More important, is the fact that proof of conviction in the Municipal Department was not necessary to justify a revocation of defendant’s probation. To sustain a conviction for a criminal offense, guilt must be proven beyond a reasonable doubt. To revoke probation, on the other hand, guilt need merely be shown by a preponderance of evidence. (People v. Smith, 105 Ill.App.2d 14, 245 N.E.2d 13.) Consequently, a defendant need not be indicted, prosecuted or convicted of the offenses which are the basis for the revocation of his probation. People v. Sluder, 107 Ill.App.2d 177, 146 N.E.2d 35.

In the instant case, defendant was convicted of the misdemeanor of criminal trespass to a vehicle. The trial judge, in the case at bar, however, did not rely solely on proof of the Municipal Department conviction. Instead, he conducted a hearing, at which defendant was represented by counsel, on the offense allegedly committed by defendant while on probation.

It was stipulated that if Anderson Jones were called as a witness, he would testify that he owned a 1962 Buick automobile and that he did not give the defendant or anyone else permission to use it when he locked his car at 5:30 P.M. on December 31, 1969. It was further stipulated that if Officer David P. Hetman were called as a witness, he would testify that he stopped the subject 1962 Buick for a traffic violation on January 1, 1970, and that the defendant was the driver of the car. Upon checking the license number he found that it was a stolen car and he arrested the defendant.

Kenneth Mosley, the defendant, took the stand in his own behalf and testified that he was 23 and was living with his mother. He said that he was employed at the Republic Steel Mill, where he earned $312 every two weeks, and that he was working at the time the car was stolen. When arrested in the 1962 Buick, he had just come from a visit to his wife, from whom he was separated. He related that he met his brother-in-law, James Hall, and James Lawrence, one of Iris brother-in-law’s friends, at a tavern and that the latter offered to sell him the subject car for $75. He testified that he was in the process of considering whether to buy the automobile when he was arrested. He told the court that if he had known the car was stolen he would not have been in it. He said he didn’t know James Lawrence and did not know where he lived, and that he was unable to get his brother-in-law to come to court because he did not know where to find him. On cross-examination, defendant *378testified that he picked up the car in front of a lounge called the Wonder Bar, and that he wasn’t sure he was going to buy it and was going to return it to the place where he got it.

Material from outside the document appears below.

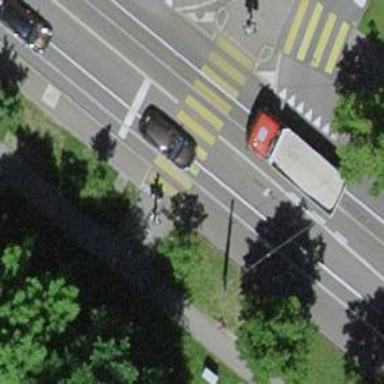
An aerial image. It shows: Road crossing with traffic signals.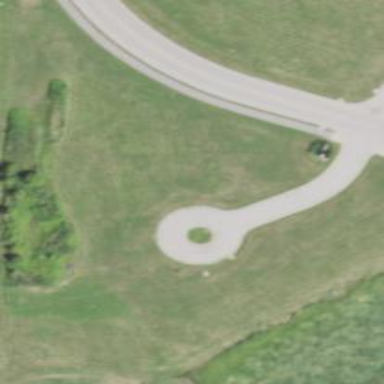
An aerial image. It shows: Turning loop on the road.

Not content with the certified copy of the Municipal Department conviction, the trial judge in fairness to the defendant conducted a full and fair hearing in which he gave the defendant a full opportunity to explain the events leading up to his arrest de novo and to persuade the court not to terminate his probation. The court concluded that the facts on which defendant was convicted of criminal trespass were nearly identical to those on which he was granted probation. The trial judge said, “I can’t envision getting into an automobile that he was going to buy for $75 without checking out the guy’s ownership and title and things of that sort. * * * You don’t buy a car from a stranger for $75, a fellow up before on a car theft charge. It doesn’t make sense and destroys all your credibility on the story that you tell. I can’t just envision you walking into a situation like that.”

The defendant received a fair hearing by the court before his probation was revoked. We find no error in the judgment of the circuit court and such judgment is therefore affirmed.

Judgment affirmed.

ADESKO, P. J., and DIERINGER, J., concur.